Methodological shortcomings
I like the idea of mixing various ratios to rank value stocks. Most value indexes have two shortcomings. The first one is to classify all stocks using the same criteria. It means the valuation ratios are considered comparable across sectors. Obviously, they are not: my monthly dashboard here shows how valuation and quality metrics may vary across sectors.
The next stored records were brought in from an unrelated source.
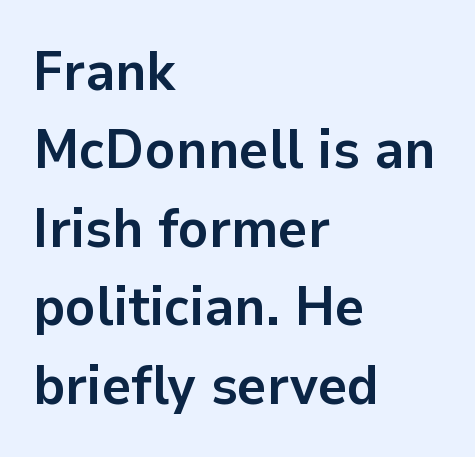
Q: Is the text bold? A: Yes.
Q: Is the text italic (slanted)? A: No, it is upright.
Q: Is the typeface a serif or a sans-serif typeface? A: Sans-serif.
Q: Is the text underlined? A: No.
Q: How is the paragraph aligned? A: Left-aligned.
Q: Is the spacing between letters normal or unusually wide? A: Normal.
Q: Is the spacing between lines tight, normal or loose? A: Normal.
Q: Width (condensed, normal, or wide)? A: Normal.
Q: Stroke contrast? A: Low.
Q: x-height? A: Medium.
Q: Monospaced? A: No.

The second weakness is relying too much on the price/book ratio (P/B), which adds some risk in the strategy. Historical data show that a large group of companies with low P/B has a higher volatility and deeper drawdowns than a same-size group with low price/earnings, price/sales or price/free cash flow. The next table shows the return and risk metrics of the cheapest quarter of the S&P 500 (i.e.125 stocks) measured in price/book, price/earnings, price/sales and price/free cash flow. The sets are reconstituted annually between 1/1/2000 and 1/1/2024 with elements in equal weight. The P/B-based set shows the lowest excess return and is behind the benchmark (equal-weight S&P 500) in risk-adjusted performance (Sharpe ratio).
Annual Return |
Drawdown |
Sharpe ratio |
Volatility |
|
Cheapest quarter in P/B |
9.86% |
-73.88% |
0.47 |
23.25% |
Cheapest quarter in P/E |
10.63% |
-63.06% |
0.55 |
19.88% |
Cheapest quarter in P/S |
11.60% |
-68.78% |
0.54 |
22.70% |
Cheapest quarter in P/FCF |
12.65% |
-64.24% |
0.62 |
20.63% |
Equal Weight Index (RSP) |
9.16% |
-59.92% |
0.5 |
17.55% |
Data calculated with Portfolio123
This explains why I use P/FCF and not P/B in the Dashboard List model.
Takeaway
Invesco S&P 500 Pure Value ETF (RPV) picks large caps based on book-value-to-price, earnings-to-price, and sales-to-price. It is well-diversified across holdings, but overweight in the financial sector. As expected, the fund’s valuation metrics look better than for the S&P 500 and the S&P 500 Value indices. However, it has lagged both benchmarks in risk-adjusted performance since 2006. It shows a significantly higher risk measured in volatility and maximum drawdown. As a volatile ETF, RPV looks a good instrument for swing trading, or in a tactical allocation strategy switching between value and growth styles. However, it has not brought excess return over its parent index on the long term. I see two shortcomings in the strategy: it ranks stocks regardless of their industries, and it relies too much on the price/book ratio.